To the Editor:
The recent cerebral oximetry study by Sørensen et al. 1 outlining the impact of cutaneous blood flow on near-infrared spectroscopy derived measurements of cerebral saturation highlights a potentially important confounder in the interpretation of information provided by most currently available cerebral oximetry monitors. Although cerebral oximetry is intended to provide information on the blood oxygen saturation of the brain, it has inherent limitations related to the variable contamination from the extracranial tissues2 that, to date, have been incompletely addressed. Whereas Sørensen et al.1 report an elegantly conducted and interpreted clinical investigation, we believe that they have not adequately highlighted the manufacturer-specific impact of norepinephrine-induced extracranial vasoconstriction on the accuracy of near-infrared spectroscopy. It is likely that their findings are more specific to the INVOS (Covidien; Mansfield, MA) monitor that they used and should not be generalized to all devices.
We have previously reported that when compared to several other devices that are commercially available, the specific oximeter they used appears particularly prone to extracranial (i.e., cutaneous) contamination.
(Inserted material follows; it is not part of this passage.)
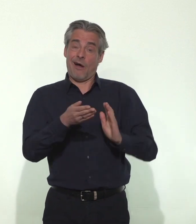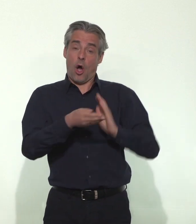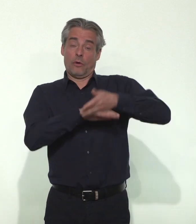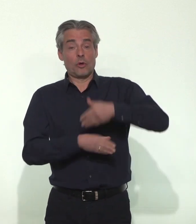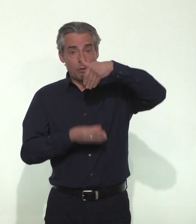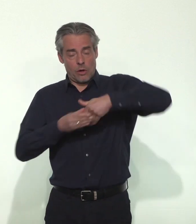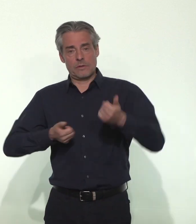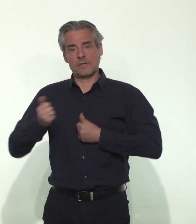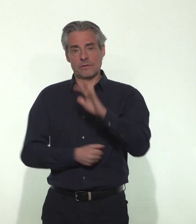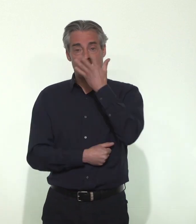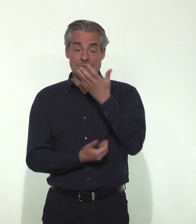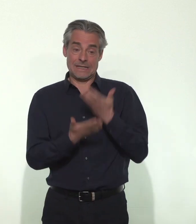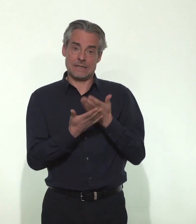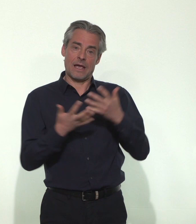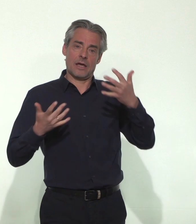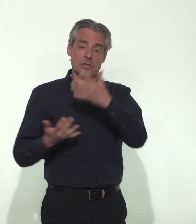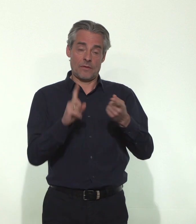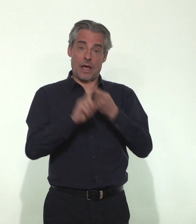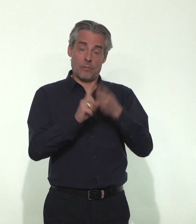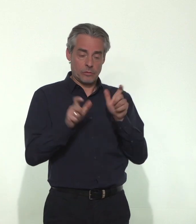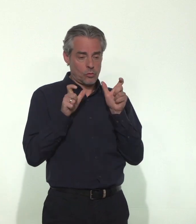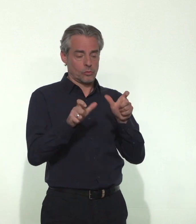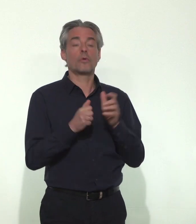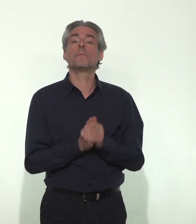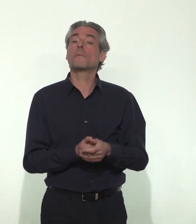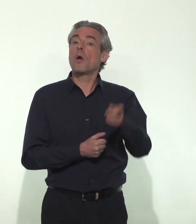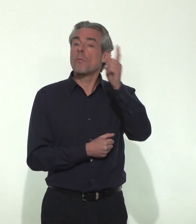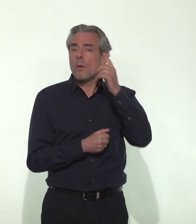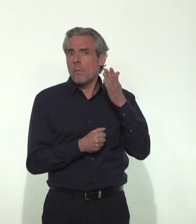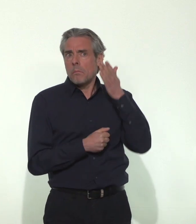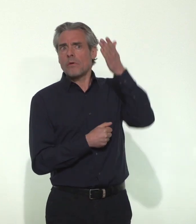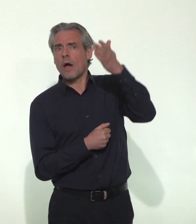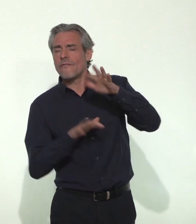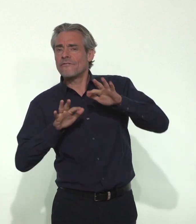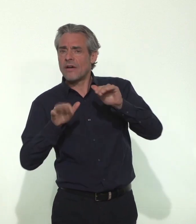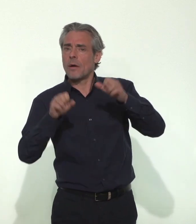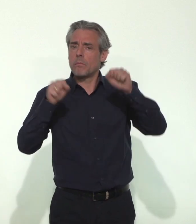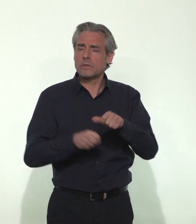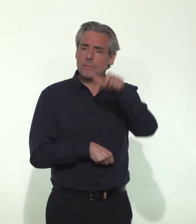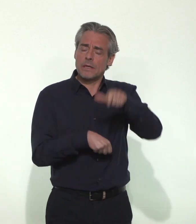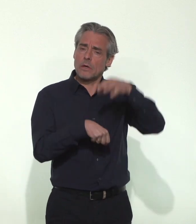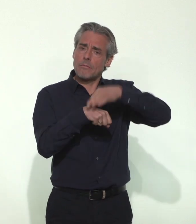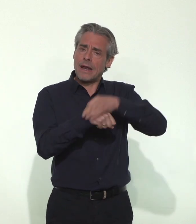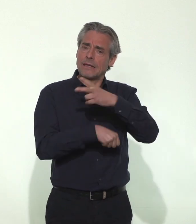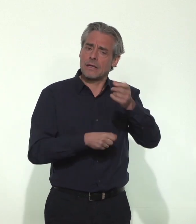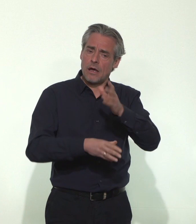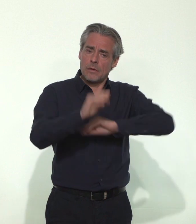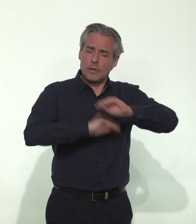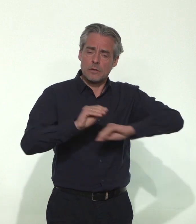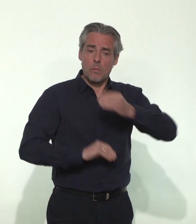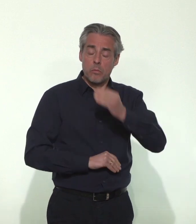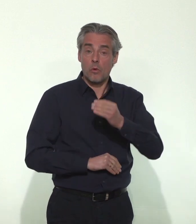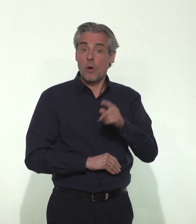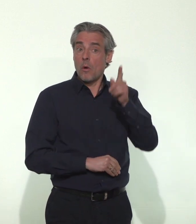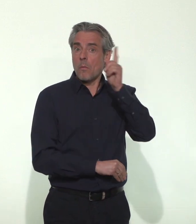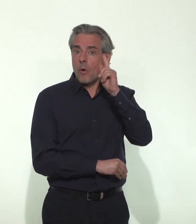réanimation qui est l'élément le plus important à surveiller pour prédire notre capacité à prendre en charge les malades les plus graves, mais surtout parce
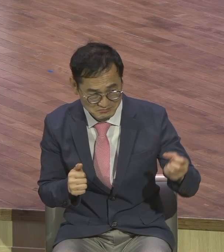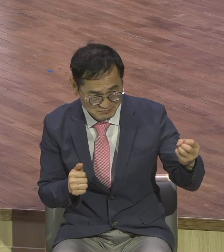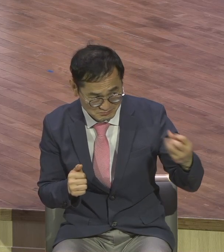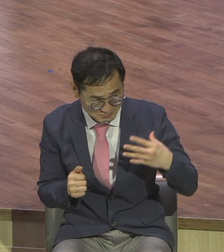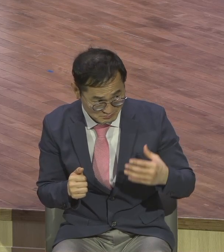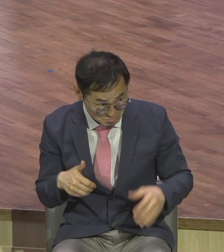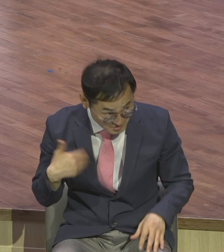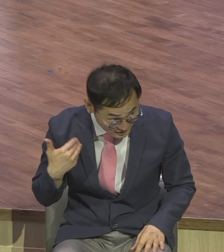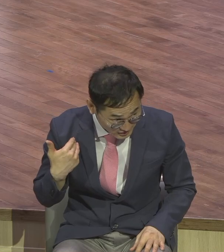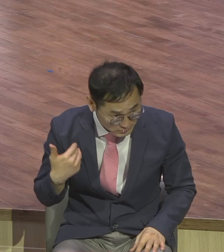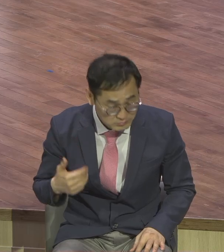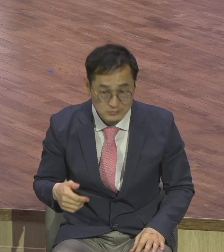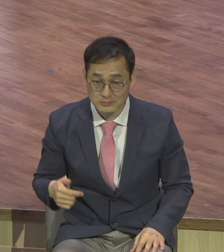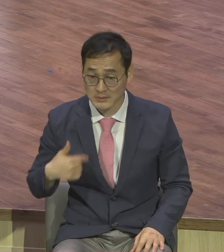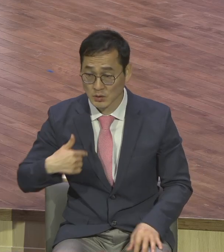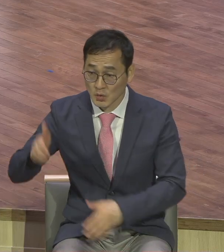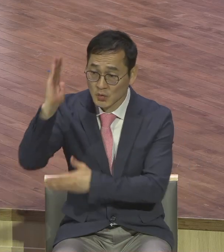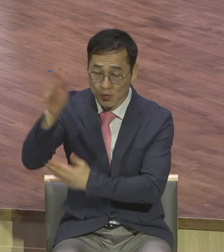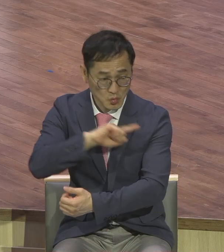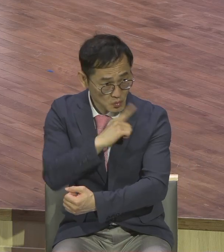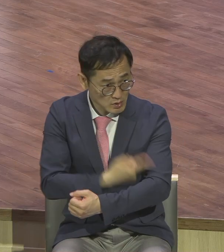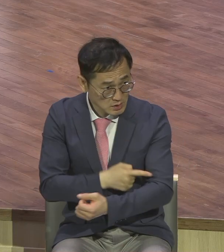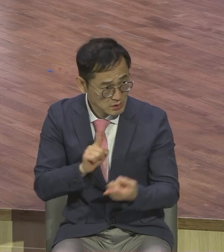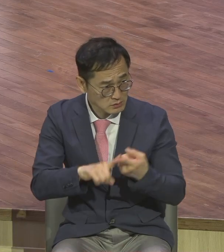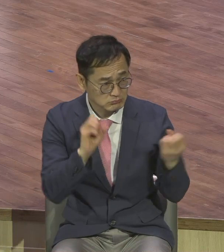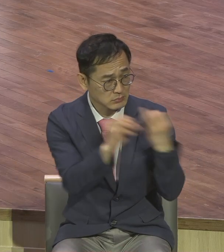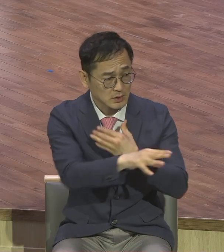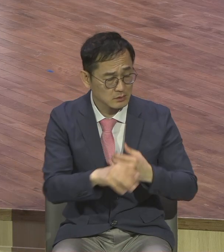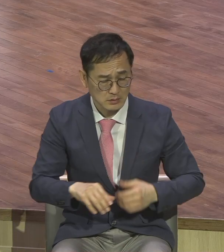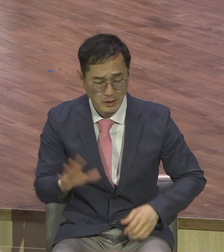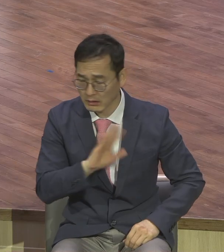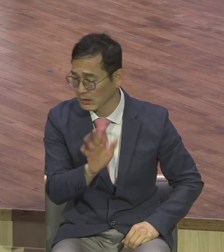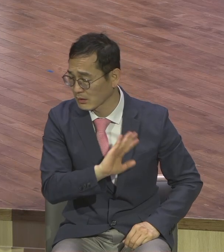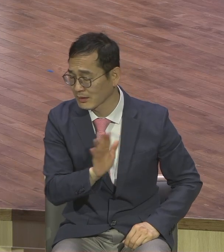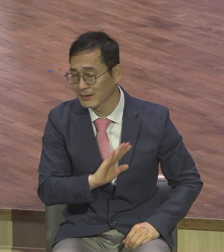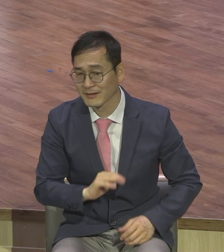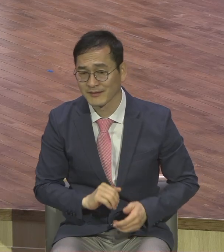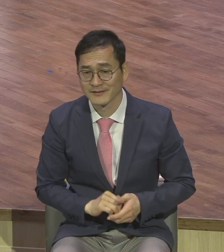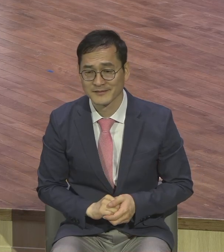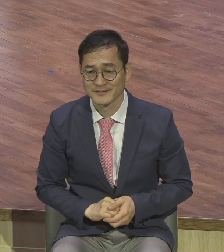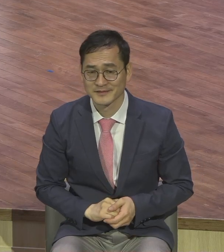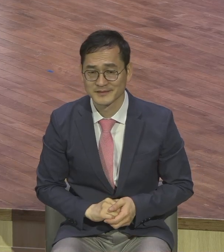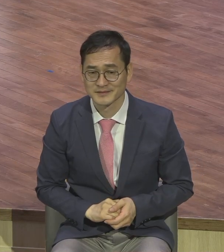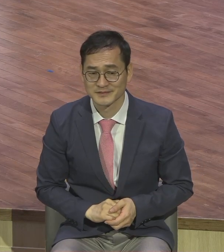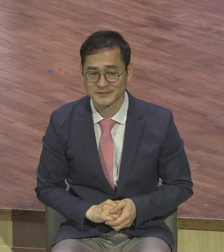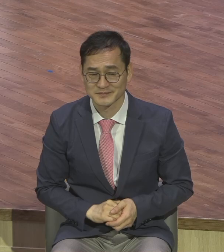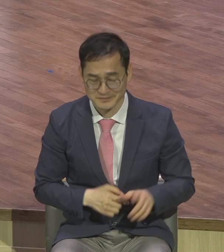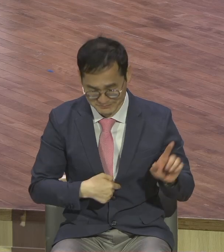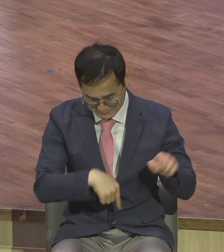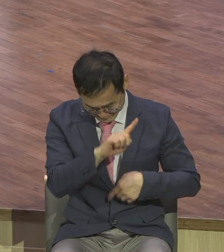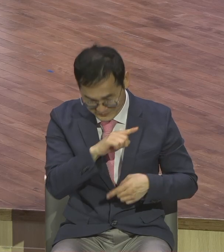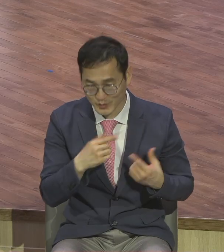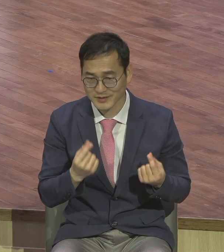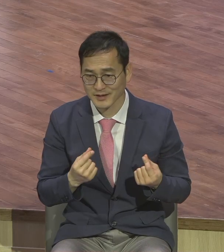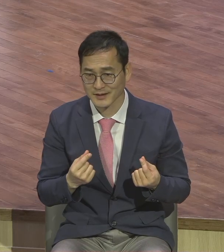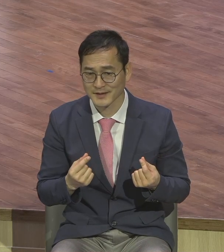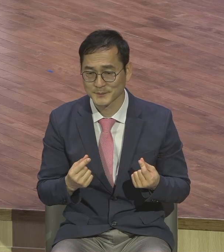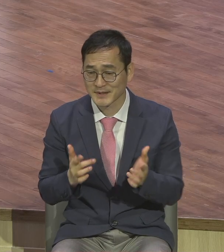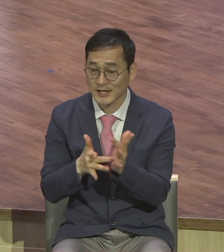권위로 이런 일을 하는지 내게 이러지 아니할 것이다. 그래서 사실 예수님께서 하늘로부터 온 권위를 가지고

As a result, the norepinephrine administration results in falsely lowering the cerebral saturation as a result of reduction in blood flow to the extracranial tissues. Although they correctly identify this mechanism, it is much less likely to happen with some of the other devices that are also widely available. Thus, the generalizability of this finding to all oximeters implied by this study is somewhat questionable and should wait until similar types of investigations are undertaken with these other devices. In particular, the title of the paper and accompanying abstract, which in this day and age of online search strategies are arguably the most frequently searched aspects in published literature, would prevent the casual reader from appreciating this potentially important limitation.